Damit er seine christliche Mission  noch effektiver gestalten konnte, kaufte er im Jahre 1886 ein Haus, das erst 1876 von den Eheleuten Schirra erbaut worden war. Bis zu diesem Erwerb wohnte Geiger als Mieter in dem Schirra-Haus. Der Haus-Bauer Jakob Schirra wurde aber bereits 1880 von seinem Schwiegersohn erstochen, der dann zu lebenslänglichem Zuchthaus verurteilt wurde und im Staatsgefängnis Trier starb. Die Witwe heiratete erneut, konnte aber das Haus finanziell nicht halten. Daher verkaufte sie es für 2.835 Mark an den Mieter Carl Jakob Maria Geiger, der in dem Haus mit den dazugehörenden Stallungen und dem Garten das erste katholische Schwesterhaus in Marpingen vornehmlich für Krankenpflege errichtete. Geiger vermachte danach das gesamte Anwesen der Pfarrgemeinde. Sein Wunsch, eine Niederlassung der Franziskanerschwestern aus dem Mutterhaus in Aachen zu errichten, erfüllte sich nicht, denn der Bischof genehmigte eine Franziskanerinnen-Niederlassung aus dem holländischen Heithuizen, die in Marpingen ambulante Krankenpflege sowie eine Kinderbewahr- und Nähschule errichteten.
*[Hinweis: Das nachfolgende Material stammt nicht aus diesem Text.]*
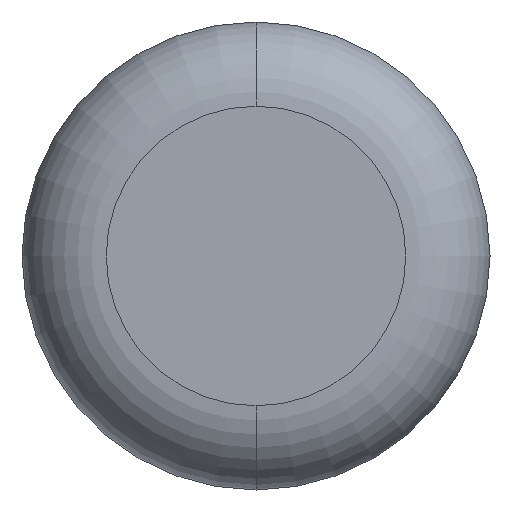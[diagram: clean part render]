
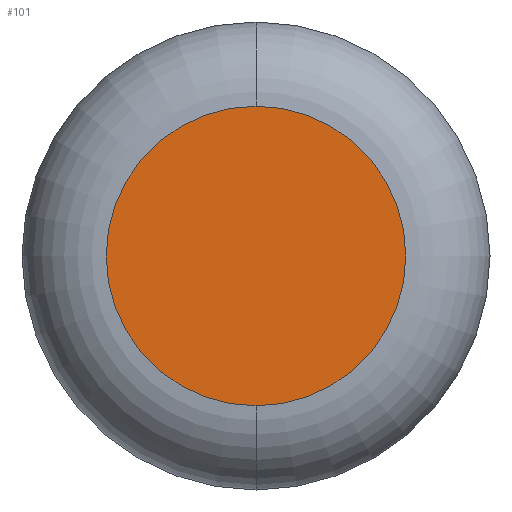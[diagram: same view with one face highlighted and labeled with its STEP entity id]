
A CAD part, front view. The second image highlights one B-rep face of the part: STEP entity #101.
In plain terms, the highlighted planar face has unit normal (0, -1, 0).
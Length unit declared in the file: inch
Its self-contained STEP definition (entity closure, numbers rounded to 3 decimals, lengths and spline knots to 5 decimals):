
#13 = DIRECTION ( 'NONE',  ( 0., -1., 0. ) ) ;
#18 = CARTESIAN_POINT ( 'NONE',  ( 0., 0., 0.16 ) ) ;
#27 = DIRECTION ( 'NONE',  ( 0., 0., -1. ) ) ;
#89 = CARTESIAN_POINT ( 'NONE',  ( 0., 0., 0. ) ) ;
#91 = CARTESIAN_POINT ( 'NONE',  ( 0., 0., -0.16 ) ) ;
#94 = CIRCLE ( 'NONE', #381, 0.16 ) ;
#101 = ADVANCED_FACE ( 'NONE', ( #193 ), #287, .T. ) ;
#114 = DIRECTION ( 'NONE',  ( 0., 0., -1. ) ) ;
#138 = EDGE_LOOP ( 'NONE', ( #319, #145 ) ) ;
#142 = CARTESIAN_POINT ( 'NONE',  ( 0., 0., 0. ) ) ;
#145 = ORIENTED_EDGE ( 'NONE', *, *, #260, .T. ) ;
#164 = AXIS2_PLACEMENT_3D ( 'NONE', #89, #198, #27 ) ;
#169 = CIRCLE ( 'NONE', #164, 0.16 ) ;
#189 = DIRECTION ( 'NONE',  ( 0., 0., -1. ) ) ;
#193 = FACE_OUTER_BOUND ( 'NONE', #138, .T. ) ;
#194 = VERTEX_POINT ( 'NONE', #18 ) ;
#198 = DIRECTION ( 'NONE',  ( 0., -1., 0. ) ) ;
#215 = EDGE_CURVE ( 'NONE', #298, #194, #94, .T. ) ;
#246 = CARTESIAN_POINT ( 'NONE',  ( 0., 0., 0. ) ) ;
#260 = EDGE_CURVE ( 'NONE', #194, #298, #169, .T. ) ;
#269 = DIRECTION ( 'NONE',  ( 0., -1., 0. ) ) ;
#280 = AXIS2_PLACEMENT_3D ( 'NONE', #246, #13, #189 ) ;
#287 = PLANE ( 'NONE',  #280 ) ;
#298 = VERTEX_POINT ( 'NONE', #91 ) ;
#319 = ORIENTED_EDGE ( 'NONE', *, *, #215, .T. ) ;
#381 = AXIS2_PLACEMENT_3D ( 'NONE', #142, #269, #114 ) ;

Der Stifter Carl Geiger hatte Wohnrecht im Schwesternhaus.

Bismarck: Soldaten gegen Volksfrömmigkeit

Carl Geiger lebte nicht mehr lange. Denn auch die Aufregung über das verschleppte kirchliche Anerkennungsverfahren der Kranke heilende Marienerscheinung, die ihn in das saarländische Dorf geführt hatte, machte ihm gesundheitlich zu schaffen. Dass die katholischen Pilgermassen aus ganz Europa in das kleine Bergbaudorf („saarländisches Lourdes“) strömten, unterdrückte die Bismarcksche Regierung im Zuge des einsetzenden Kulturkampfes auch mit Soldaten. Die katholische Kirche versäumte eine fundierte Prüfung der wundersamen Erscheinung. Darüber starb Carl Geiger im Alter von 74 Jahren. Auf seinem Grabstein in Marpingen steht:

„Hier ruhen die sterblichen Überreste des Ehrwürdigen Herrn Diakon Carl Jakob Maria Geiger, geboren am 6. Februar 1815, gestorben am 7. Juli 1889. Vergesset Euren Wohltäter nicht in Euren Gebeten!“

Nachtrag: Am Ort der früheren Erscheinung von 1876, wo jetzt eine Kapelle steht, soll Maria zwischen Mai und Oktober 1999 erneut drei Frauen dreizehn Mal erschienen sein und ihnen Botschaften übermittelt haben. Am 8. August 1999 pilgerten mehr als 20.000 Menschen zur Marienkapelle, um dem Ereignis beizuwohnen. Eine Übernatürlichkeit der Erscheinung, an die Carl Jakob Maria Geiger glaubte, wird von der katholischen Kirche nicht anerkannt, eine kirchenamtliche Untersuchungskommission stellte 2005 Zweifel am behaupteten Erscheinen einer himmlischen Person fest. – Auch in Dorsten-Holsterhausen soll es 1949 eine Marienerscheinung gegeben haben, die von der katholischen Kirche nicht anerkannt wurde.